The Spectro MS simultaneously measuring mass spectrometer (MS), which records the elemental mass spectrum from lithium to uranium with every analysis, was recognised at the recent Pittcon 2010 event.
Spectro Analytical Instruments received the silver Pittcon Editors' Award at Pittcon 2010, which was held in Orlando, Florida, from 28 February until 5 March.
The Spectro MS provides users with a much higher sample throughput rate and better precision and accuracy than when working with a sequential MS, according to the company.

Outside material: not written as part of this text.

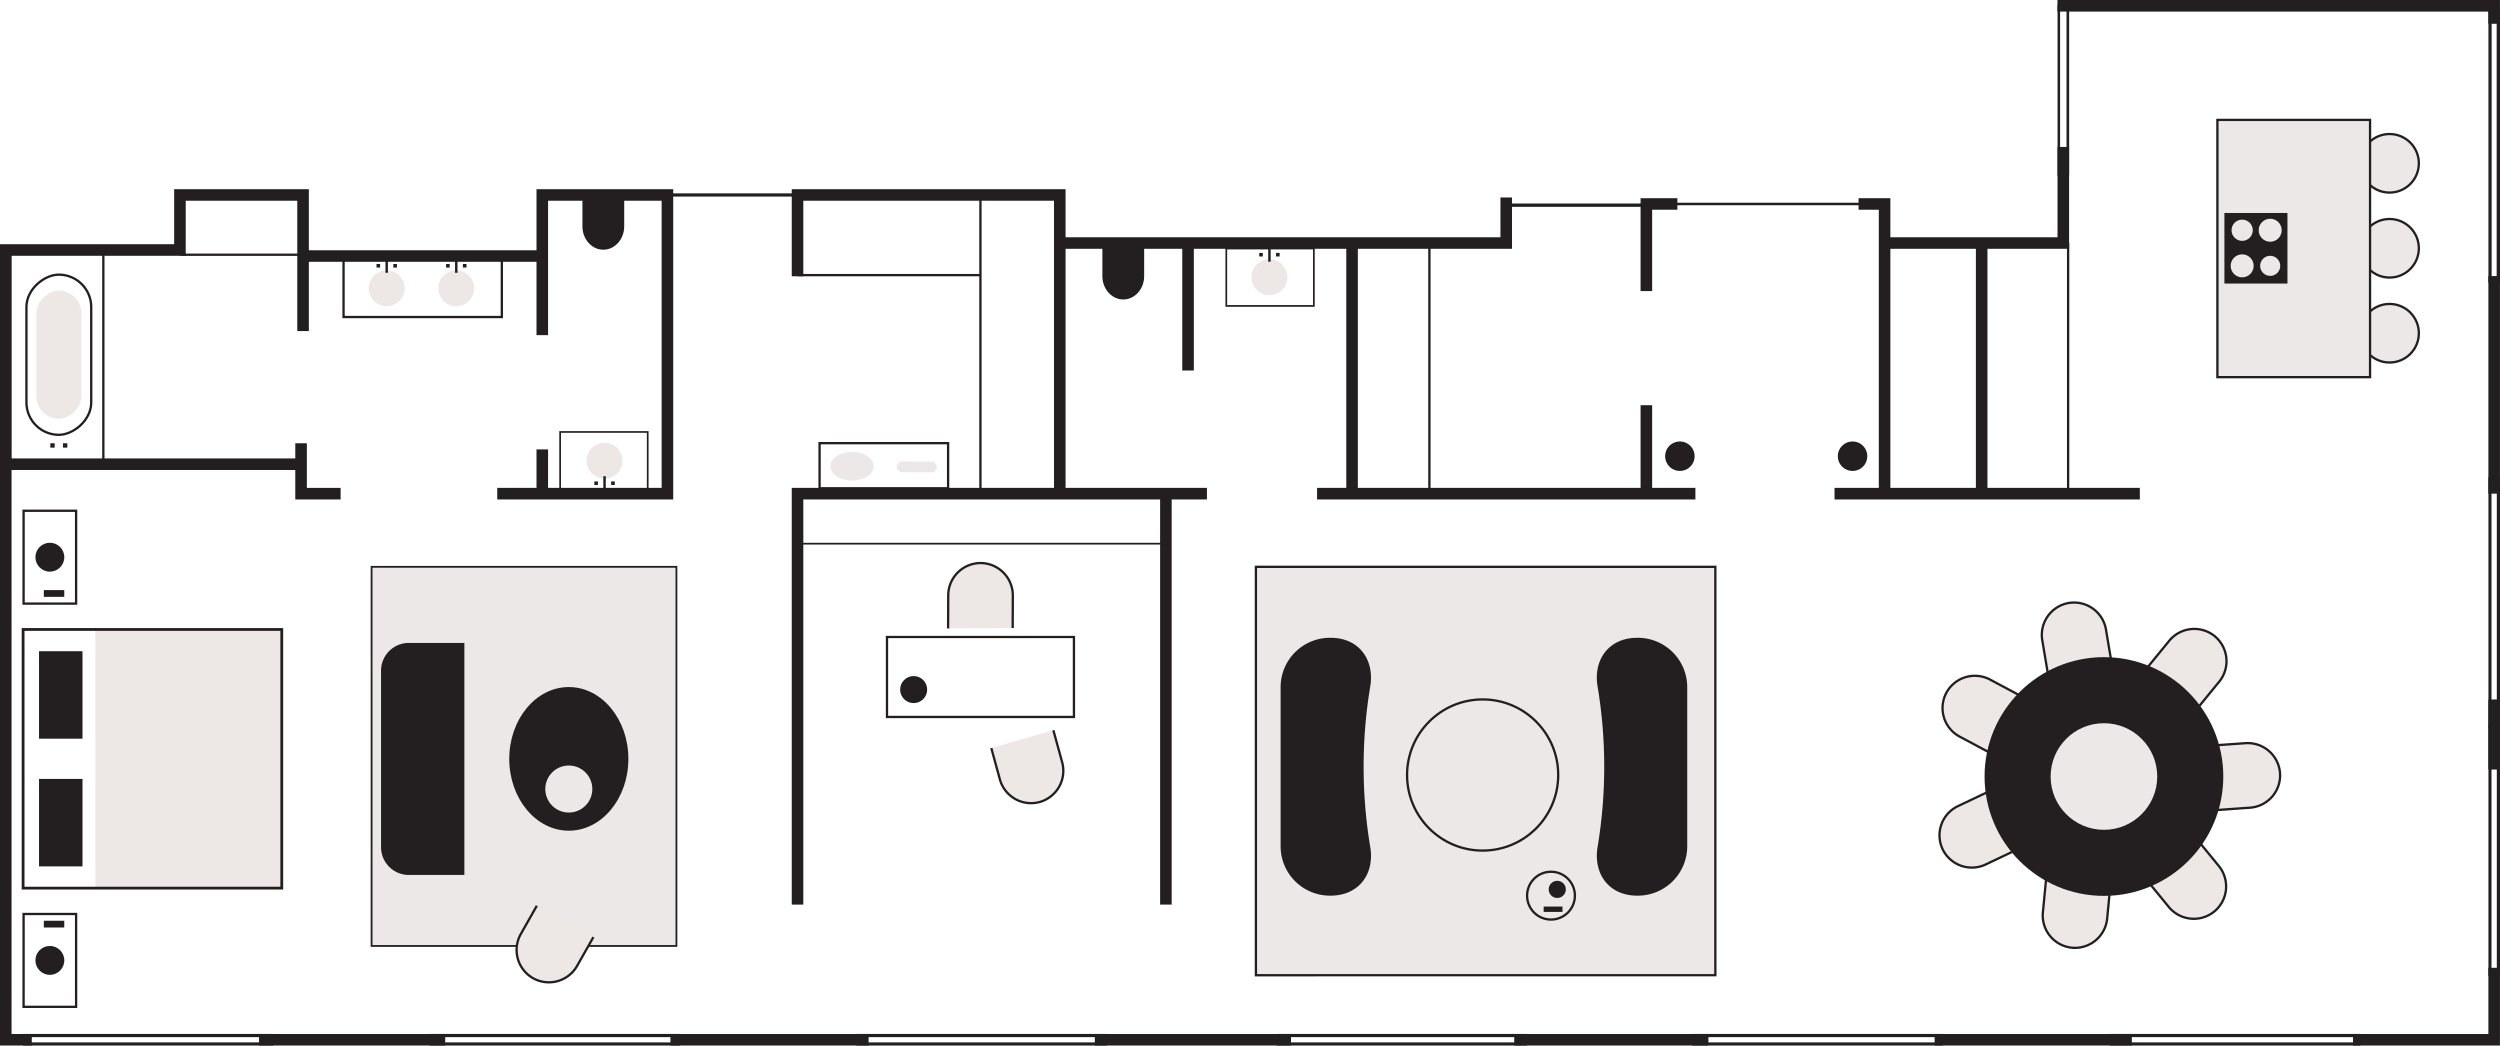 <?xml version="1.0" encoding="UTF-8"?> <svg xmlns="http://www.w3.org/2000/svg" viewBox="0 0 1080.05 451.72"><defs><style>.cls-1,.cls-10,.cls-6{fill:none}.cls-1,.cls-10,.cls-11,.cls-12,.cls-2,.cls-6{stroke:#231f20;stroke-miterlimit:10}.cls-1{stroke-width:5px}.cls-2,.cls-5{fill:#ece8e7}.cls-11,.cls-12,.cls-4{fill:#231f20}.cls-7{fill:#ede8e5}.cls-10{stroke-width:.74px}.cls-12{stroke-width:1.08px}</style></defs><g id="Ebene_2" data-name="Ebene 2"><g id="PresidentialSuite"><path class="cls-1" d="M111.91 449.2h80.43M289.64 449.2h85.62M472.99 449.2h84.75M654.18 449.2h83.89M835.8 449.2h85.19M1016.55 449.2h60.98v-31.09M1077.53 332.45v-30.27M1077.53 119.26v94.02M888.87 2.5h188.66v7.78M891.39 63.47v41.52h-77.21V88.12h-11.25M856.12 104.99v108.29M924.45 213.28h-131.9M814.18 104.99v108.29M724.66 88.12h-13.4v37.62M711.26 175.04v38.24M732.45 213.28H568.99M584.12 213.28V104.99M650.72 85.31v19.68H457.85M457.85 213.28V84.23h-113.3v35.13M521.42 213.28H344.55v177.54M503.69 213.28v177.54M234.28 213.28v-19.12M234.28 144.77V84.23h54.06v129.05h-73.52M234.28 110.61H130.93M130.93 143.04V84.23H77.74v23.78H2.5V449.2h11.24"></path><path class="cls-2" d="M542.58 244.88h198.49v176.43H542.58z"></path><path style="stroke-width:.78px;fill:#ece8e7;stroke:#231f20;stroke-miterlimit:10" d="M160.53 244.88h131.7v163.79h-131.7z"></path><path class="cls-4" d="M553.25 365.28V297.2a21.34 21.34 0 0 1 21.65-21.66c12.24 0 19.17 9.57 17 21.47a211.38 211.38 0 0 0 0 68.46c2.2 11.9-4.73 21.45-17 21.47a21.34 21.34 0 0 1-21.65-21.66ZM728.92 297.2v68.08a21.35 21.35 0 0 1-21.66 21.66c-12.23 0-19.16-9.57-17-21.47a210.82 210.82 0 0 0 0-68.46c-2.19-11.9 4.74-21.45 17-21.47a21.35 21.35 0 0 1 21.66 21.66Z"></path><circle class="cls-2" cx="640.53" cy="334.82" r="32.65"></circle><circle class="cls-2" cx="670.06" cy="386.94" r="10.33"></circle><circle class="cls-4" cx="672.77" cy="384.23" r="3.71"></circle><path class="cls-4" transform="rotate(-90 670.96 392.81)" d="M669.8 388.74h2.32v8.14h-2.32z"></path><circle class="cls-2" cx="1032.34" cy="70.55" r="12.65"></circle><circle class="cls-2" cx="1032.34" cy="107.26" r="12.65"></circle><circle class="cls-2" cx="1032.34" cy="143.96" r="12.65"></circle><path class="cls-2" d="M957.96 51.8h65.95v111.14h-65.95z"></path><path class="cls-4" d="M960.99 92.01h27.24v30.49h-27.24z"></path><circle class="cls-5" cx="980.77" cy="99.47" r="4.97"></circle><circle class="cls-5" cx="968.66" cy="99.47" r="4.59"></circle><circle class="cls-5" cx="968.66" cy="114.85" r="4.97"></circle><circle class="cls-5" cx="980.77" cy="114.85" r="4.34"></circle><path class="cls-6" d="M893.47 104.99v108.29"></path><path class="cls-6" transform="rotate(-90 24.505 154.015)" d="M-20.49 133.86H69.5v40.3h-89.99z"></path><rect class="cls-6" x="-9.18" y="139.26" width="69.2" height="27.99" rx="14" transform="rotate(-90 25.415 153.255)"></rect><path class="cls-4" transform="rotate(-90 22.69 192.45)" d="M21.75 191.5h1.89v1.89h-1.89z"></path><path class="cls-4" transform="rotate(-90 28.145 192.445)" d="M27.2 191.5h1.89v1.89H27.2z"></path><rect class="cls-7" x="-2.22" y="143.51" width="55.34" height="19.44" rx="9.72" transform="rotate(-90 25.455 153.235)"></rect><path class="cls-1" d="M1.64 200.55h128.43M130.07 191.5v21.78h17.08"></path><path class="cls-7" transform="rotate(-90 81.465 327.815)" d="M25.59 287.55h111.75v80.53H25.59z"></path><path transform="rotate(-90 65.855 327.815)" style="stroke-width:1.21px;stroke:#231f20;stroke-miterlimit:10;fill:none" d="M9.98 271.94h111.75v111.75H9.98z"></path><path class="cls-4" transform="rotate(-90 26.25 355.4)" d="M7.35 346.01h37.79v18.78H7.35z"></path><path class="cls-4" transform="rotate(-90 26.25 300.23)" d="M7.35 290.84h37.79v18.78H7.35z"></path><path class="cls-6" d="M10.19 220.66h22.69v40.11H10.19z"></path><circle class="cls-4" cx="21.54" cy="240.72" r="6.24"></circle><path class="cls-4" d="M18.93 254.93h8.84v2.92h-8.84z"></path><path class="cls-6" d="M10.19 394.86h22.69v40.11H10.19z"></path><circle class="cls-4" cx="21.54" cy="414.91" r="6.24"></circle><path class="cls-4" d="M18.93 397.78h8.84v2.92h-8.84z"></path><ellipse class="cls-4" cx="245.74" cy="327.85" rx="25.73" ry="31.03"></ellipse><circle class="cls-5" cx="245.74" cy="340.88" r="10.16"></circle><path class="cls-7" d="m428.28 323.18 3.72 13.59a13.91 13.91 0 0 0 17.21 9.44 13.91 13.91 0 0 0 9.58-17.13l-3.73-13.59"></path><path class="cls-6" d="m428.26 323.19 3.76 13.7a14 14 0 0 0 17.26 9.56 14 14 0 0 0 9.56-17.26l-3.76-13.7"></path><path class="cls-7" d="m928.12 381 9 10.87a13.92 13.92 0 0 0 19.57 1.59 13.93 13.93 0 0 0 1.74-19.56l-9-10.87"></path><path class="cls-6" d="m928.1 381 9 11a14 14 0 0 0 19.66 1.67 14 14 0 0 0 1.71-19.67l-9-11"></path><path class="cls-7" d="m883.94 380.22-1.36 14a13.94 13.94 0 0 0 12.72 15 13.93 13.93 0 0 0 15.06-12.6l1.35-14"></path><path class="cls-6" d="m883.91 380.22-1.36 14.14a14 14 0 0 0 12.71 15.09 14 14 0 0 0 15.09-12.72l1.36-14.15"></path><path class="cls-7" d="m858.56 342.26-12.72 6.05a13.91 13.91 0 0 0-6.3 18.59 13.93 13.93 0 0 0 18.55 6.45l12.72-6.05"></path><path class="cls-6" d="m858.55 342.24-12.84 6.1a14 14 0 0 0-6.4 18.66 14 14 0 0 0 18.69 6.4l12.84-6.1"></path><path class="cls-7" d="m872.1 300.21-12.43-6.63a13.93 13.93 0 0 0-18.7 6 13.92 13.92 0 0 0 5.85 18.74l12.44 6.68"></path><path class="cls-6" d="m872.11 300.19-12.54-6.69a14 14 0 0 0-18.81 6 14 14 0 0 0 6 18.81l12.5 6.69"></path><path class="cls-7" d="m912.12 285.79-2.34-13.89a13.93 13.93 0 0 0-16.17-11.15 13.94 13.94 0 0 0-11.27 16.08l2.34 13.9"></path><path class="cls-6" d="m912.14 285.79-2.35-14a14 14 0 0 0-16.21-11.26 14 14 0 0 0-11.26 16.2l2.36 14"></path><path class="cls-7" d="m949.85 305.32 8.92-10.91a13.93 13.93 0 0 0-2.27-19.5A13.93 13.93 0 0 0 937 277l-8.91 10.91"></path><path class="cls-6" d="m949.87 305.34 9-11a14 14 0 0 0-2.2-19.6 14 14 0 0 0-19.61 2.2l-9 11"></path><path class="cls-7" d="m958.09 349.89 14-1a13.94 13.94 0 0 0 12.61-15.06 13.93 13.93 0 0 0-15-12.72l-14 1"></path><path class="cls-6" d="m958.09 349.92 14.17-1A14 14 0 0 0 985 333.81a14 14 0 0 0-15.07-12.73l-14.18 1"></path><path class="cls-7" d="m232 391.3-7 12.25a13.93 13.93 0 0 0 5.49 18.85 13.94 13.94 0 0 0 18.9-5.34l7-12.25"></path><path class="cls-6" d="m231.93 391.29-7 12.35a14 14 0 0 0 5.44 19 14 14 0 0 0 19-5.45l7-12.35"></path><path class="cls-7" d="m437.48 271.31.06-14.09a13.92 13.92 0 0 0-14-13.73 13.92 13.92 0 0 0-13.84 13.93l-.06 14.09"></path><path class="cls-6" d="m437.5 271.31.06-14.21a14 14 0 0 0-14.05-13.85 14 14 0 0 0-13.85 14.05l-.06 14.21M383.2 275.2h80.76v34.54H383.2z"></path><circle class="cls-4" cx="394.72" cy="297.91" r="5.84"></circle><path style="stroke-width:.75px;fill:#231f20;stroke:#231f20;stroke-miterlimit:10" d="M344.55 234.88h159.14"></path><path class="cls-6" transform="rotate(-90 182.61 124.56)" d="M170.21 90.37H195v68.38h-24.79z"></path><circle class="cls-7" cx="167.06" cy="124.56" r="7.75"></circle><circle class="cls-7" cx="197.12" cy="124.56" r="7.75"></circle><path class="cls-4" transform="rotate(-90 167.06 114.82)" d="M164.04 114.29h6.05v1.06h-6.05z"></path><path class="cls-4" transform="rotate(-90 163.43 114.82)" d="M162.66 114.05h1.55v1.55h-1.55z"></path><path class="cls-4" transform="rotate(-90 170.7 114.82)" d="M169.92 114.05h1.55v1.55h-1.55z"></path><path class="cls-4" transform="rotate(-90 197.12 114.82)" d="M194.09 114.29h6.05v1.06h-6.05z"></path><path class="cls-4" transform="rotate(-90 193.49 114.82)" d="M192.71 114.05h1.55v1.55h-1.55z"></path><path class="cls-4" transform="rotate(-90 200.75 114.82)" d="M199.98 114.05h1.55v1.55h-1.55z"></path><path class="cls-10" transform="rotate(-90 548.69 119.77)" d="M536.29 100.86h24.79v37.83h-24.79z"></path><circle class="cls-7" cx="548.42" cy="119.77" r="7.75"></circle><path class="cls-4" transform="rotate(-90 548.42 110.03)" d="M545.39 109.5h6.05v1.06h-6.05z"></path><path class="cls-4" transform="rotate(-90 544.785 110.035)" d="M544.01 109.26h1.55v1.55h-1.55z"></path><path class="cls-4" transform="rotate(-90 552.05 110.03)" d="M551.28 109.26h1.55v1.55h-1.55z"></path><path class="cls-10" transform="rotate(90 260.905 199.015)" d="M248.51 180.1h24.79v37.83h-24.79z"></path><circle class="cls-7" cx="261.18" cy="199.02" r="7.75"></circle><path class="cls-4" transform="rotate(90 261.18 208.76)" d="M258.15 208.23h6.05v1.06h-6.05z"></path><path class="cls-4" transform="rotate(90 264.81 208.76)" d="M264.03 207.98h1.55v1.55h-1.55z"></path><path class="cls-4" transform="rotate(90 257.54 208.76)" d="M256.77 207.98h1.55v1.55h-1.55z"></path><path class="cls-11" d="M493.8 106.82v12.51c0 5.25-3.84 9.55-8.52 9.55-4.69 0-8.53-4.3-8.53-9.55v-12.51M269.17 85.31v12.51c0 5.26-3.84 9.56-8.53 9.56-4.68 0-8.52-4.3-8.52-9.56V85.31"></path><path class="cls-1" d="M513.26 104.99v55.08"></path><path class="cls-11" d="M423.57 84.23v129.05"></path><path class="cls-6" d="M423.49 118.86h-79.02"></path><path class="cls-6" transform="rotate(180 381.835 201.215)" d="M354.07 191.47h55.53v19.5h-55.53z"></path><ellipse class="cls-5" cx="368.09" cy="201.44" rx="9.38" ry="6.17"></ellipse><rect class="cls-5" x="387.46" y="199.34" width="17.3" height="4.65" rx="2.32" transform="rotate(-180 396.105 201.67)"></rect><path class="cls-4" d="M176.62 277.75h24V378h-24a12 12 0 0 1-12-12v-76.25a12 12 0 0 1 12-12Z"></path><path class="cls-11" d="M77.81 110.05H131M617.53 104.99v108.29"></path><path class="cls-12" d="M722.18 88.12h85.83"></path><circle class="cls-12" cx="725.74" cy="197.09" r="5.84"></circle><circle class="cls-12" cx="800.34" cy="197.09" r="5.84"></circle><circle class="cls-12" cx="908.94" cy="335.47" r="51.03"></circle><circle cx="908.94" cy="335.47" r="23.57" style="stroke-width:1.08px;fill:#ece8e7;stroke:#231f20;stroke-miterlimit:10"></circle><path class="cls-4" d="M1018.31 448.06v2.29H912.85v-2.29h105.46m1.38-1.38H911.47v5h108.22v-5ZM838 448.06v2.29H732.52v-2.29H838m1.37-1.38H731.15v5h108.21v-5ZM658.35 448.06v2.29H552.89v-2.29h105.46m1.38-1.38H551.51v5h108.22v-5ZM476.85 448.06v2.29H371.39v-2.29h105.46m1.38-1.38H370v5h108.23v-5ZM292.48 448.06v2.29H187v-2.29h105.48m1.38-1.38H185.64v5h108.22v-5ZM116.82 448.06v2.29H11.35v-2.29h105.47m1.37-1.38H10v5h108.19v-5ZM1078.67 314.73V420.2h-2.29V314.73h2.29m1.38-1.37h-5v108.22h5V313.36Z"></path><path class="cls-4" d="M1078.67 207.56V313h-2.29V207.56h2.29m1.38-1.38h-5V314.4h5V206.18ZM1078.61 5.24v115.6h-2.17V5.24h2.17m1.44-1.44h-5v118.48h5V3.8ZM892.78 3.32v71.34H890V3.32h2.78m1.13-1.13h-5V75.8h5V2.19Z"></path><path style="stroke-width:1.44px;stroke:#231f20;stroke-miterlimit:10;fill:none" d="M650.72 88.64h60.54"></path><path style="stroke-width:1.39px;stroke:#231f20;stroke-miterlimit:10;fill:none" d="M288.34 84.23h56.21"></path></g></g></svg>

The simultaneous recording of the entire spectrum is enabled by a series of components: an ion optic that is efficient in transporting ions from the plasma into the MS itself, while removing neutral particles and photons from the beam; a double focusing sector field MS with Mattauch-Herzog geometry; an electrostatic analyser and a permanent magnet, which are utilised to direct the ions onto a focal plane, without the additional scanning of the ion beam; and a direct charge detector with 4,800 channels, which is located in the focal plane of the MS and simultaneously records the entire mass spectrum from lithium to uranium from the continuous ion beam.
Each of these channels is divided into two separate detectors with different signal amplification.
This enables the Spectro MS to achieve a large dynamic working range with which even extreme isotope ratios can be precisely determined.
The most important application areas for the new instrument are in research-and-development laboratories with extremely high sample throughput and high demand, according to Spectro.
With its precision, sample throughput rate and permanent complete information about the entire mass spectrum with every measurement, the company expects the Spectro MS to establish itself as the benchmark system for this application area.
In addition to research laboratories, simultaneous MS is attractive for many branches of industry; environmental, chemical and pharmaceutical laboratories will benefit from the instrument's low detection limits and high sample throughput rates.
New applications can be developed with the option to simultaneously examine multiple isotope ratios even in mass ranges that lie far apart, together with the ability to transfer the precision of the isotope ratio analysis to the quantitative determination of element contents using isotope dilution.
In this way, geology laboratories can more accurately determine samples.